Source records:
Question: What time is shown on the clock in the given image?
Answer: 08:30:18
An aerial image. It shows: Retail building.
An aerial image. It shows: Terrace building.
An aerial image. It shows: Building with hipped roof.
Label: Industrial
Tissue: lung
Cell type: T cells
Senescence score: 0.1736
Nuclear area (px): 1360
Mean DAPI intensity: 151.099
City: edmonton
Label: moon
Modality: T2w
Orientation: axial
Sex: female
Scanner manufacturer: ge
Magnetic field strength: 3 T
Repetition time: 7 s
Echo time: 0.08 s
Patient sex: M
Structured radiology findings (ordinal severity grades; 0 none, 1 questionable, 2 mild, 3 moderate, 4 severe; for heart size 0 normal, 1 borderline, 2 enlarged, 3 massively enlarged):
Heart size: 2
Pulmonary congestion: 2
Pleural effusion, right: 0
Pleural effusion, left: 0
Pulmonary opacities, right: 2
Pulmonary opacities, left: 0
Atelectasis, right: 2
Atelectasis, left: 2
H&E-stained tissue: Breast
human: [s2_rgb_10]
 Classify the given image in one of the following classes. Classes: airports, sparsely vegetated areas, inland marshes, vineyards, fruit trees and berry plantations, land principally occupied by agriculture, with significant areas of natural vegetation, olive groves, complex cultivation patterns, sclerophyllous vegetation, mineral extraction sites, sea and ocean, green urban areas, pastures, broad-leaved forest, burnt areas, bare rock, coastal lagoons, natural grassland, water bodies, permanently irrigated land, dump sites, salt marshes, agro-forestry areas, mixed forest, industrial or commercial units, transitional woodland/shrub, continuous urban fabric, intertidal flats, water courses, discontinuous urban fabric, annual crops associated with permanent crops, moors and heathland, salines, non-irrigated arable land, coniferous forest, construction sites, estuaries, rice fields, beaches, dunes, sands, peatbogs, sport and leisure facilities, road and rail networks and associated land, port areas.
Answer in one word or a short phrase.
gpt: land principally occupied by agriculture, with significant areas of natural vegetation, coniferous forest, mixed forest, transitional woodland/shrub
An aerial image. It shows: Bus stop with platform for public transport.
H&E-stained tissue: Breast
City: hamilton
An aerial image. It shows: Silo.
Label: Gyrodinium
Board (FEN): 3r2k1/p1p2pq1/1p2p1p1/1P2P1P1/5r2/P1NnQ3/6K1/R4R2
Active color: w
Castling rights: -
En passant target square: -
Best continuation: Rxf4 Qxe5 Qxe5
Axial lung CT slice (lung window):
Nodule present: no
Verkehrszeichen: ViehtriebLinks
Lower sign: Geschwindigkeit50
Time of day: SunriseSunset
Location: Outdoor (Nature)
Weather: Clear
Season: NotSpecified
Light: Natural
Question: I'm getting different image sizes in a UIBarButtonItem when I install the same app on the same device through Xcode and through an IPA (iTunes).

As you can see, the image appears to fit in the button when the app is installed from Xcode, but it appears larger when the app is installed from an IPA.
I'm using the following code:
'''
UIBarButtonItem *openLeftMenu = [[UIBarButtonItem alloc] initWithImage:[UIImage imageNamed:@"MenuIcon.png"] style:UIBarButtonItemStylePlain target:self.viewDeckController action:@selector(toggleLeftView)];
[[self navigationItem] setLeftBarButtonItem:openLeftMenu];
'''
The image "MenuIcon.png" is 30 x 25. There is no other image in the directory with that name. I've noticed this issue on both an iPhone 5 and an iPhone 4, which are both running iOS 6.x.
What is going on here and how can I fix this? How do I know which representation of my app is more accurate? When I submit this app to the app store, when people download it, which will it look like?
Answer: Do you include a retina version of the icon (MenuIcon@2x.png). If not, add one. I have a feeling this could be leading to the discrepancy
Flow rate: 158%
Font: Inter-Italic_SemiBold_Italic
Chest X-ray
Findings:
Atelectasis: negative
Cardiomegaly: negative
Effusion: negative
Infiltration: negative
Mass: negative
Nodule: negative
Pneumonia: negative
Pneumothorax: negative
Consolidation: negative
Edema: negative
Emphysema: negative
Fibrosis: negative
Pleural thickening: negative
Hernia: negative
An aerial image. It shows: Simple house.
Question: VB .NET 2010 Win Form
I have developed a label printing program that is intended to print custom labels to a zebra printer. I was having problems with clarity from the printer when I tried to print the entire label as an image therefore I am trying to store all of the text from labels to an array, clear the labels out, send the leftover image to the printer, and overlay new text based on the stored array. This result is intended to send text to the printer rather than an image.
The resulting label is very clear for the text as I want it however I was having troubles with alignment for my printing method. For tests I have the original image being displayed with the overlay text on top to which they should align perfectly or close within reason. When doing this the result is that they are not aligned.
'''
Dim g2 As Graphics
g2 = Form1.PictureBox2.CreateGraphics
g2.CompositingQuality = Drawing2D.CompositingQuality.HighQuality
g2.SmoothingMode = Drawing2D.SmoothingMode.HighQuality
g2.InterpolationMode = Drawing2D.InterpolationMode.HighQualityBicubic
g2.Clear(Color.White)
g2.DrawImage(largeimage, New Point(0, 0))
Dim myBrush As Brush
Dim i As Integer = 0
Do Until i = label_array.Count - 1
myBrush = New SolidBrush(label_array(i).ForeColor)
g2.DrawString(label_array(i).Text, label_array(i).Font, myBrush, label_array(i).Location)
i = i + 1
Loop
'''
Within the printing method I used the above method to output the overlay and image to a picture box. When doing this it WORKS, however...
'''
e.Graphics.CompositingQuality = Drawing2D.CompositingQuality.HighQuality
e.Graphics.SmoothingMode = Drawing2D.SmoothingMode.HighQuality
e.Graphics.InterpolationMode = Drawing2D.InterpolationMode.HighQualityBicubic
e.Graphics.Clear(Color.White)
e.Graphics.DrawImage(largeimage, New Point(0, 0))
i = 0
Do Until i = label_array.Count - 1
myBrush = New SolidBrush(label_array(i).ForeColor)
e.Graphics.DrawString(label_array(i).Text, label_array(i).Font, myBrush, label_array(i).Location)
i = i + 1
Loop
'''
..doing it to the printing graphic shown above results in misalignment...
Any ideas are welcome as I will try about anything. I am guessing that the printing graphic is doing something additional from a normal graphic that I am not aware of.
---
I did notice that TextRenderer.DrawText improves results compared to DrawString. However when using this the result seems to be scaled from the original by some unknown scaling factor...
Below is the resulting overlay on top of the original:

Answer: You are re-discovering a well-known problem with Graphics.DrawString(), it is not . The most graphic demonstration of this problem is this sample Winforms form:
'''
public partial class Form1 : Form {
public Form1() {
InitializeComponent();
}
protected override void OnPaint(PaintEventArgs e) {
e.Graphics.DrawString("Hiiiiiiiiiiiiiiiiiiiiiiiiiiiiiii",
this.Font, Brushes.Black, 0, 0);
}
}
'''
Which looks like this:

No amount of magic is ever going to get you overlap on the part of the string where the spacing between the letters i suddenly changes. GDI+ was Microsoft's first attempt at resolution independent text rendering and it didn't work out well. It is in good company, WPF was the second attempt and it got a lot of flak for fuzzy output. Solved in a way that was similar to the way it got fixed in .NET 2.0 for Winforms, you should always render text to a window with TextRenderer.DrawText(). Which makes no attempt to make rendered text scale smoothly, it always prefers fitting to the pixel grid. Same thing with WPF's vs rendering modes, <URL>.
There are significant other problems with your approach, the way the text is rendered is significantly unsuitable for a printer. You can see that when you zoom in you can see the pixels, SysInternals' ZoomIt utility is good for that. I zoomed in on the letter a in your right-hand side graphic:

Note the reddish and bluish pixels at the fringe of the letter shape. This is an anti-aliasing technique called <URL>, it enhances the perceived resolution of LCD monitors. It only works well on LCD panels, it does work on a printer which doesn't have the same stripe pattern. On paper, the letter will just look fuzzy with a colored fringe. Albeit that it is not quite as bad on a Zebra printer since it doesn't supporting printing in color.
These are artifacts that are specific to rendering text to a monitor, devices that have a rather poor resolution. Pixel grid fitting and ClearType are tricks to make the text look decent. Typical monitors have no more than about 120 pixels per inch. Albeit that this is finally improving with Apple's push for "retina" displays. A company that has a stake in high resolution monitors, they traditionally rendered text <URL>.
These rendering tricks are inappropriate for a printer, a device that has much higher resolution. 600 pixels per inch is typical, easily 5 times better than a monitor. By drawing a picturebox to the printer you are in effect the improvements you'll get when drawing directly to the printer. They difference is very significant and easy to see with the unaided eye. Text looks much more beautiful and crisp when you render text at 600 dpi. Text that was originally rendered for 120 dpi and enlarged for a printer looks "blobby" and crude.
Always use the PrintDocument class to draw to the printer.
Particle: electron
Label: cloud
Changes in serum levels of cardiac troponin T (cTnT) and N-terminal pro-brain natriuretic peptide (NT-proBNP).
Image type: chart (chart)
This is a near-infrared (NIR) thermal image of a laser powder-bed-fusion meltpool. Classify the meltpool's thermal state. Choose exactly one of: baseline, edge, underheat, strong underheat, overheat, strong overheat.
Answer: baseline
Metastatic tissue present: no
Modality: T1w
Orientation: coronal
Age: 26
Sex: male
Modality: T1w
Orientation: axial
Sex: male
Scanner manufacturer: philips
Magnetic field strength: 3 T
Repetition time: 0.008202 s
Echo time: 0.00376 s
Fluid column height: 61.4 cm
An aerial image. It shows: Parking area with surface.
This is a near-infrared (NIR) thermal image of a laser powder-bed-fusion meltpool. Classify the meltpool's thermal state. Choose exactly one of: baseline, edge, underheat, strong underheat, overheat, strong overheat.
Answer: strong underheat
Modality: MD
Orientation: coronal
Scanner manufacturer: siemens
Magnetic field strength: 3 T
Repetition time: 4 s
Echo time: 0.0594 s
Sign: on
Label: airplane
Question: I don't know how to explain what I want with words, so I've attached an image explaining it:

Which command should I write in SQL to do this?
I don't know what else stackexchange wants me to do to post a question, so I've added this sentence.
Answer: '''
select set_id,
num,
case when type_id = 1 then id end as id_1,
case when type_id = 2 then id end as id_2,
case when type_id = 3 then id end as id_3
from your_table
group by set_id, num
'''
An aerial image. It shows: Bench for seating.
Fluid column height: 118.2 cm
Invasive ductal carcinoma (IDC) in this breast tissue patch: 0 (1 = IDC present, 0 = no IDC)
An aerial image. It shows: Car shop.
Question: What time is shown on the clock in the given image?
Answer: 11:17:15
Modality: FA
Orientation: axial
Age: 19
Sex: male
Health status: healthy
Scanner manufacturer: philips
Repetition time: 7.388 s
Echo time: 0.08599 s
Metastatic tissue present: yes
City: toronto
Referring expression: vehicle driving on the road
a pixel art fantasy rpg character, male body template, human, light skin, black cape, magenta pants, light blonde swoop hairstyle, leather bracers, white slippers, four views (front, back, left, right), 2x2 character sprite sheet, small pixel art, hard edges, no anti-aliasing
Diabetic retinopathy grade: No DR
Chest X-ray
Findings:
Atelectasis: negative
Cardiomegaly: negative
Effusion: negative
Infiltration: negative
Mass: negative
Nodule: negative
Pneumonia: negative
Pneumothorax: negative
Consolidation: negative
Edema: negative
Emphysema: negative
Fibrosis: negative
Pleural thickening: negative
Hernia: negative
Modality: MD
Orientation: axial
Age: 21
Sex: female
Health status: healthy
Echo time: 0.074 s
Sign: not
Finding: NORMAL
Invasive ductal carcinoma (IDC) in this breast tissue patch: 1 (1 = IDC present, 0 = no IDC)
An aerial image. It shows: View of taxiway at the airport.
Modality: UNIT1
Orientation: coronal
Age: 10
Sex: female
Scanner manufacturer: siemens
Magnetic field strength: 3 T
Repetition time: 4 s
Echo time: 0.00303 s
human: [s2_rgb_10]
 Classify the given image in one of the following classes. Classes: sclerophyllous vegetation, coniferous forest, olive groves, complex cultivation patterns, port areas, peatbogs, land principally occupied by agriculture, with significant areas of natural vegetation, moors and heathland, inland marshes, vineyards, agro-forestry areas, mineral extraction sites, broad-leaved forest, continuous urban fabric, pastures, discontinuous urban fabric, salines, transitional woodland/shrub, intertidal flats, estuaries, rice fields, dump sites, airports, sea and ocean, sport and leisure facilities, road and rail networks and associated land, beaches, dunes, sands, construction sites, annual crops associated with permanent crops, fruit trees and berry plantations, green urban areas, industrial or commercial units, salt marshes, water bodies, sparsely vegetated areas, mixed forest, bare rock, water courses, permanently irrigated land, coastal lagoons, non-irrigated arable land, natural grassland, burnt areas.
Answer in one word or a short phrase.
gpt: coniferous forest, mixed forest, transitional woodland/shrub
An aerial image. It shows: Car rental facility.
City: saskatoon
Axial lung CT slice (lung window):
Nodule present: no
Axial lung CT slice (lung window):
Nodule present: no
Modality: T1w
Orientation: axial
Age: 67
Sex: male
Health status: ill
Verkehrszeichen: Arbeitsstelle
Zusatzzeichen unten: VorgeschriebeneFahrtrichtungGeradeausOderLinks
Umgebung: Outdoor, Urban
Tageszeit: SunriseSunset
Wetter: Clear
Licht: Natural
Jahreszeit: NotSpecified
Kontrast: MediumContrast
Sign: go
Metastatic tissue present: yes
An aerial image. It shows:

— EXERCISE GOAL —
Your answer should be the lines above, from the line containing "Atelectasis, left: 2" up to and including the line containing "Season: NotSpecified", reproduced exactly and with nothing else.

— SOLUTION FOR THIS EXERCISE —
Atelectasis, left: 2
H&E-stained tissue: Breast
human: [s2_rgb_10]
 Classify the given image in one of the following classes. Classes: airports, sparsely vegetated areas, inland marshes, vineyards, fruit trees and berry plantations, land principally occupied by agriculture, with significant areas of natural vegetation, olive groves, complex cultivation patterns, sclerophyllous vegetation, mineral extraction sites, sea and ocean, green urban areas, pastures, broad-leaved forest, burnt areas, bare rock, coastal lagoons, natural grassland, water bodies, permanently irrigated land, dump sites, salt marshes, agro-forestry areas, mixed forest, industrial or commercial units, transitional woodland/shrub, continuous urban fabric, intertidal flats, water courses, discontinuous urban fabric, annual crops associated with permanent crops, moors and heathland, salines, non-irrigated arable land, coniferous forest, construction sites, estuaries, rice fields, beaches, dunes, sands, peatbogs, sport and leisure facilities, road and rail networks and associated land, port areas.
Answer in one word or a short phrase.
gpt: land principally occupied by agriculture, with significant areas of natural vegetation, coniferous forest, mixed forest, transitional woodland/shrub
An aerial image. It shows: Bus stop with platform for public transport.
H&E-stained tissue: Breast
City: hamilton
An aerial image. It shows: Silo.
Label: Gyrodinium
Board (FEN): 3r2k1/p1p2pq1/1p2p1p1/1P2P1P1/5r2/P1NnQ3/6K1/R4R2
Active color: w
Castling rights: -
En passant target square: -
Best continuation: Rxf4 Qxe5 Qxe5
Axial lung CT slice (lung window):
Nodule present: no
Verkehrszeichen: ViehtriebLinks
Lower sign: Geschwindigkeit50
Time of day: SunriseSunset
Location: Outdoor (Nature)
Weather: Clear
Season: NotSpecified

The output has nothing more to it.